START Given records

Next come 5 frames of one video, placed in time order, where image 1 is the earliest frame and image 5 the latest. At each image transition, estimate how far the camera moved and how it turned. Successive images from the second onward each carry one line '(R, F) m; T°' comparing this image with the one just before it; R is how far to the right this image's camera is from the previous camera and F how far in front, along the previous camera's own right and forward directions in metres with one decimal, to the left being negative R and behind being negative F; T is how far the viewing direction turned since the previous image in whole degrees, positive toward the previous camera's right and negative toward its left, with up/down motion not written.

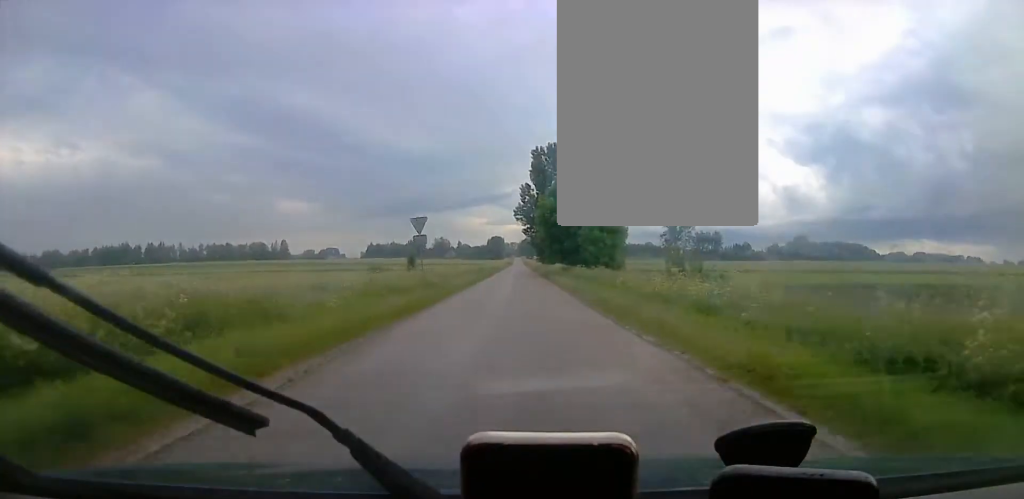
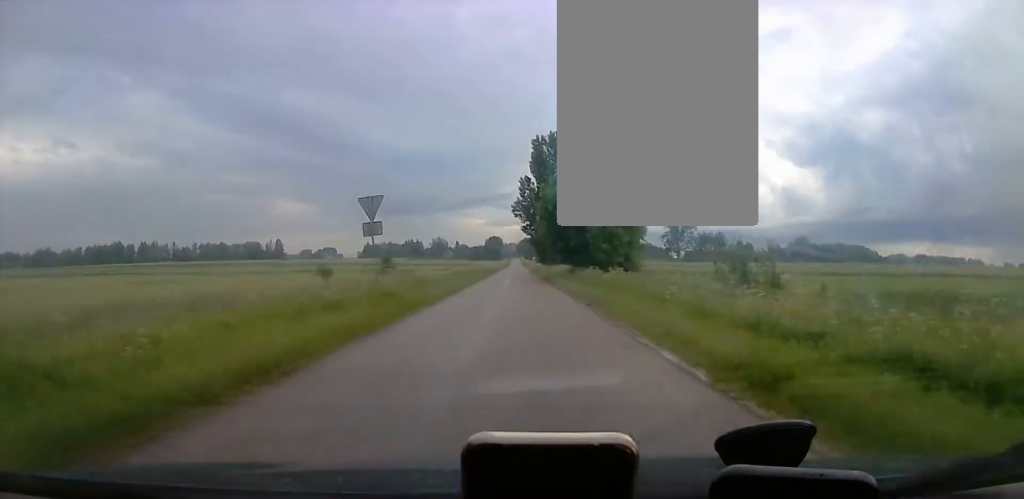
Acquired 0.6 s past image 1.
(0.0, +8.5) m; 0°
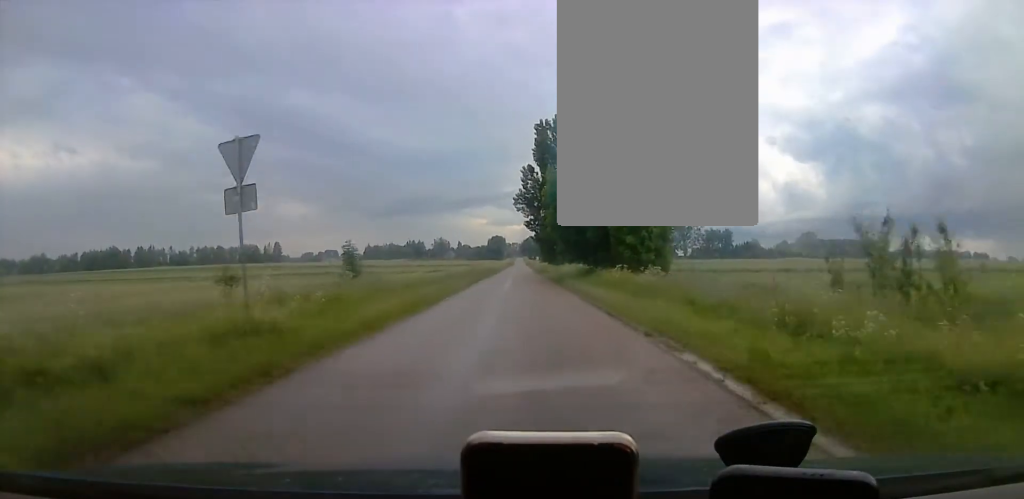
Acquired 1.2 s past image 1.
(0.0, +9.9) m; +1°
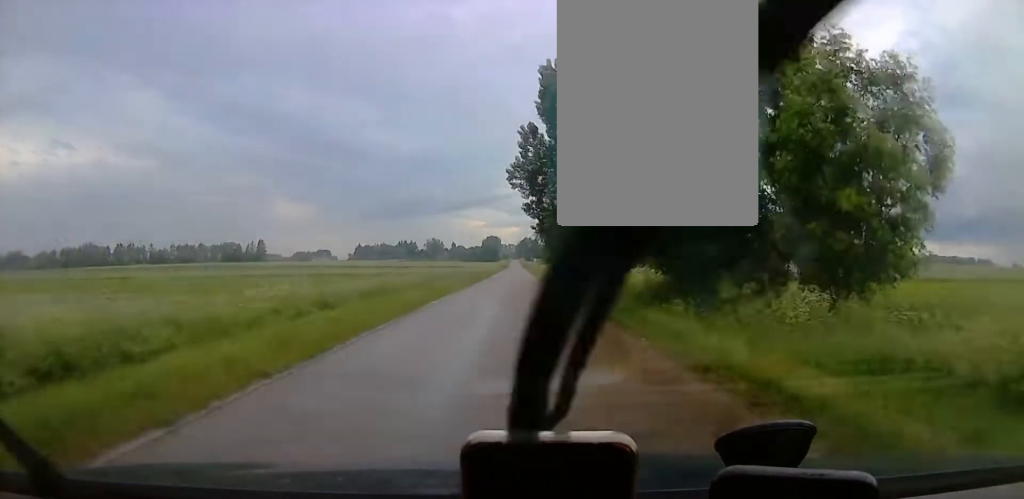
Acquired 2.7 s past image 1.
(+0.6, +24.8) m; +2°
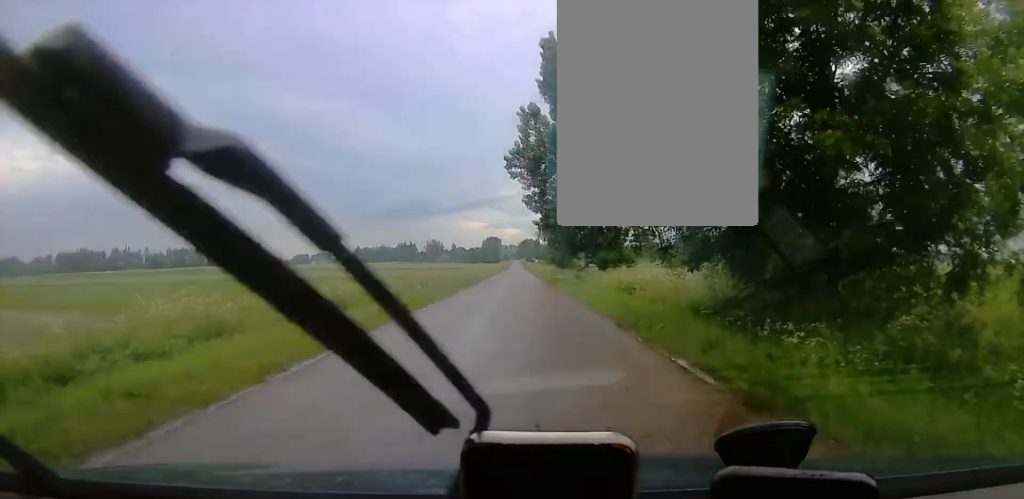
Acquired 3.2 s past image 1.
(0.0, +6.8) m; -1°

END Given records

Write every entry again exactly as given, skipping the pictures.

• Answer space:
Next come 5 frames of one video, placed in time order, where image 1 is the earliest frame and image 5 the latest. At each image transition, estimate how far the camera moved and how it turned. Successive images from the second onward each carry one line '(R, F) m; T°' comparing this image with the one just before it; R is how far to the right this image's camera is from the previous camera and F how far in front, along the previous camera's own right and forward directions in metres with one decimal, to the left being negative R and behind being negative F; T is how far the viewing direction turned since the previous image in whole degrees, positive toward the previous camera's right and negative toward its left, with up/down motion not written.

Acquired 0.6 s past image 1.
(0.0, +8.5) m; 0°
Acquired 1.2 s past image 1.
(0.0, +9.9) m; +1°
Acquired 2.7 s past image 1.
(+0.6, +24.8) m; +2°
Acquired 3.2 s past image 1.
(0.0, +6.8) m; -1°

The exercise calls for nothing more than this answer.